В Музее городской скульптуры открылась ретроспектива главной немецкой концептуалистки Ханне Дарбовен. На выставке, устроенной петербургским Институтом им. Гете совместно с немецким Институтом связей с зарубежными странами (IFA), показаны аранжированные в виде инсталляций рисунки-дневники художницы 1980-х — начала 1990-х годов. Расшифровкой кодов ее нумерологического творчества занималась АННА ТОЛСТОВА.
Принципы своей мистической математики Ханне Дарбовен открыла в Нью-Йорке в конце 1960-х, где оказалась в компании таких же серийных художников-маньяков вроде Сола ЛеВитта, Карла Андре и Джозефа Кошута. С тех пор занята переводом своей личной — ни дня без строчки — и мировой истории, литературы (от "Одиссеи" до "Берлин, Александерплац" Альфреда Деблина) и философии на язык формул и сооружением из них инсталляций. То есть переводом времени в пространство. Конторка же — важнейшая для Дарбовен метафора. Во-первых, конторка бюрократа стала теперь орудием "художника-писаря", осуществляющего искусство как процесс. Во-вторых, конторка — это что-то вроде кафедры проповедника, а себя Дарбовен видит еще и в этом качестве. Доходит даже до политической агитации, как в знаменитом "Рубеже 80", тоже привезенном на выставку, когда в предчувствии третьей мировой войны художница включила в свой опус политические дебаты из "Шпигеля" и ноты ленноновского "Дайте миру шанс". Кстати, начиная с 1980-х нотные тексты, составленные по дарбовеновским серийным рецептам, складываются в напоминающую Филиппа Гласса минималистскую музыку, записями которой сопровождаются некоторые инсталляции. Так что идея в этом "искусстве идей" в конце концов лишается визуальной формы и обретает наиболее адекватную себе — звуковую. Тут следуют обязательные упоминания Пифагора с его музыкально-арифметической мистикой и Вагнера с его синтетическим Gesamtkunstwerk. И, конечно, напоминание, что Ханне Дарбовен — немецкая художница, а кому, как не философичным немцам, созерцать идею в ее абсолютной чистоте.

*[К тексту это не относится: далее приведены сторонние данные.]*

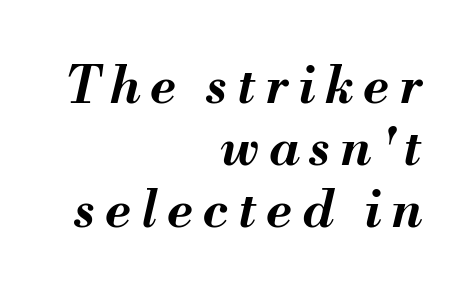
{"italic": "yes", "lean": "right", "slant_degrees": 13, "bold": "yes", "weight": "bold", "width": "normal", "stroke_contrast": "medium", "x_height": "small", "monospaced": "no", "underline": "no", "align": "right", "line_spacing_ratio": 1.22, "letter_spacing": "wide", "letter_spacing_em": 0.2, "glyph_px": 51}
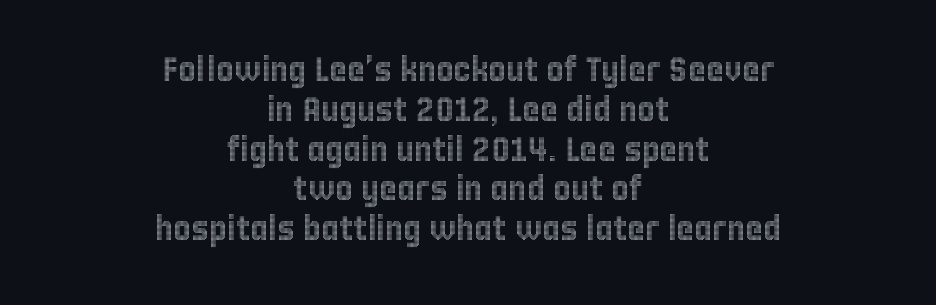
Unmarked baselines from the first word to the last. This rendering leaves character spacing at its baseline value. A typesetter would call this proportional, since set widths differ per character. The paragraph has two soft edges and a firm central axis.

Словом, Ханне Дарбовен предстает образцовым художником-концептуалистом, самой лучшей, нью-йоркской классического периода конца 1960-х выделки. И чтобы все это объяснить, выставку сопровождает цикл лекций, экскурсий, круглых столов для публики, то есть огромное количество слов, которое и должно по определению сопутствовать произведению концептуального искусства. Только дело здесь не столько в соблюдении концептуалистских ритуалов, — просто кураторы, как кажется, сомневаются в способности местного зрителя эту образцовость оценить. Поэтому и будут рассказывать об отличиях концептуализма московского от концептуализма вообще: почему в Нью-Йорке было "искусство после философии", а в Москве — "после идеологии", почему у них тяготели к минималистской абстракции, а у нас — к избыточности слов и изображений, почему, наконец, здесь концептуализм был "романтический" и теплый, а там — "лингвистический" и холодный. Тоже, в сущности, займутся переводом — делом в этом случае почти таким же бесперспективным, как объяснять картины мертвому зайцу. И причина, конечно, вовсе не в концептуалистской зацикленности на языке, но в непереводимости социального и психологического, когда голодный сытого не разумеет. Когда коммунальные страхи нашего концептуалиста куда ближе экзистенциального ужаса художника западного, индивидуальные фобии которого скуплены лучшими галереями и проинтерпретированы целым полком критиков. Так что трудно поверить, что ему, совершенно благополучному, нужно было сделать выбор гораздо более трудный, чем выбор между тем, быть ли подпольщиком, или быть художником официальным. Выбор просто быть художником, когда все художественное умерло, молиться не на что и неоткуда ждать откровения, а только и остается, что ежедневно отсылать в пустой космос шифровки о еще одной прожитой единице времени.